Whilst you might think that as long as the flooring is down, the windows are fitted and there’s a working kitchen on site, your property is ready to hit the market. But potential buyers will look straight past the things that are finished, to those that aren’t. You might have splashed out on solid oak flooring and bespoke kitchen work surfaces but if the front garden is full of building equipment and half the doors are missing their handles, these are the first things that will be noted during viewings. In order to maximise the asking price and the ‘wow’ factor that comes with a high-spec refurbishment, you need to make sure that every last skirting board is painted and every cupboard door fits snugly and closes properly.

Dress to impress

It’s true that a freshly painted and carpeted house with a brand new kitchen and bathroom doesn’t need the addition of furniture to sell it. There won’t be any dodgy wine stains that need a last-minute cover with a huge rug, or cracks in the paintwork that bookshelves or cupboards will conceal. You want potential buyers to appreciate the workmanship and fine finish: to see the extent of the rooms and not to be swayed by other people’s taste in furnishings. However, there’s a lot to be said for hand-holding when it comes to having a vision for the property.

Room sizes and floor plans are all very well, but it can be hard to mentally arrange furniture in a completely empty room. Will all the bedrooms fit double beds and storage? Is the living room large enough to accommodate a three-seater sofa? Whilst you don’t want to detract from the final finish of the property, it is a good idea to give viewers a basic idea of how to use the space and a reassurance about what will fit into rooms.
If this is the case, then try to keep things simple by choosing a selection of neutral furniture. Also use your initiative; a very large bedroom will obviously fit a lot of furniture – it’s the smaller rooms that need an indication of scale.
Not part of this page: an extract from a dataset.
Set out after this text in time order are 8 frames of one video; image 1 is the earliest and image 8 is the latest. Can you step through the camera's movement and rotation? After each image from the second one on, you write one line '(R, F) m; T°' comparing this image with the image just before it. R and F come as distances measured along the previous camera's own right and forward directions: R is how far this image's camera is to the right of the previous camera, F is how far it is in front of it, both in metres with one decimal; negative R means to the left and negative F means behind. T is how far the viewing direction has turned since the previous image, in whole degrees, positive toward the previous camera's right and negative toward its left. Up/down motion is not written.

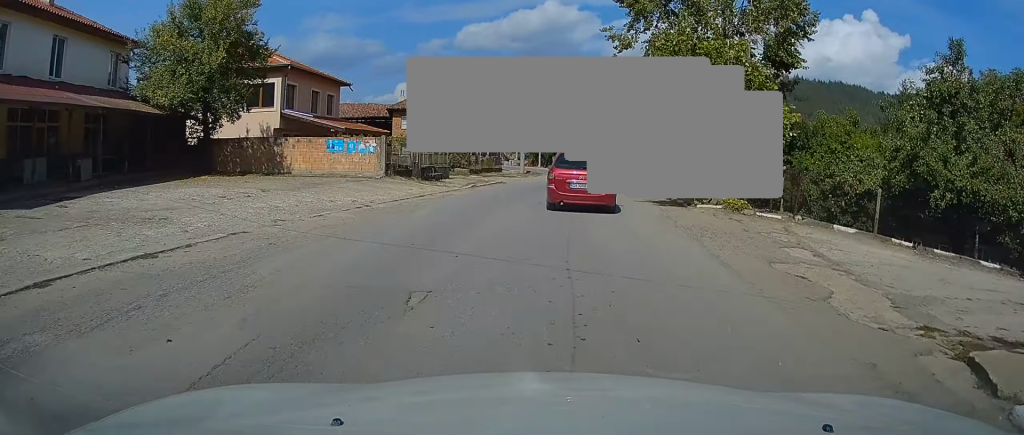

It can be as simple as a double bed in the smallest bedroom, or putting a dining table and chairs in an eat-in kitchen or dining area, to demonstrate its use and its size.

Think budget

Remember, any furniture you buy or rent for the purpose will not only come out of your profit, but you’ll also be left with it after the sale. Obviously, if you’re planning more renovation projects, or you own rental properties, you might be able to re-use the furniture; otherwise you will need to pay for storage or have to sell it. This makes it even more important to keep it simple and just include the bare necessities to give your viewers a few subtle ideas about how they might use the space.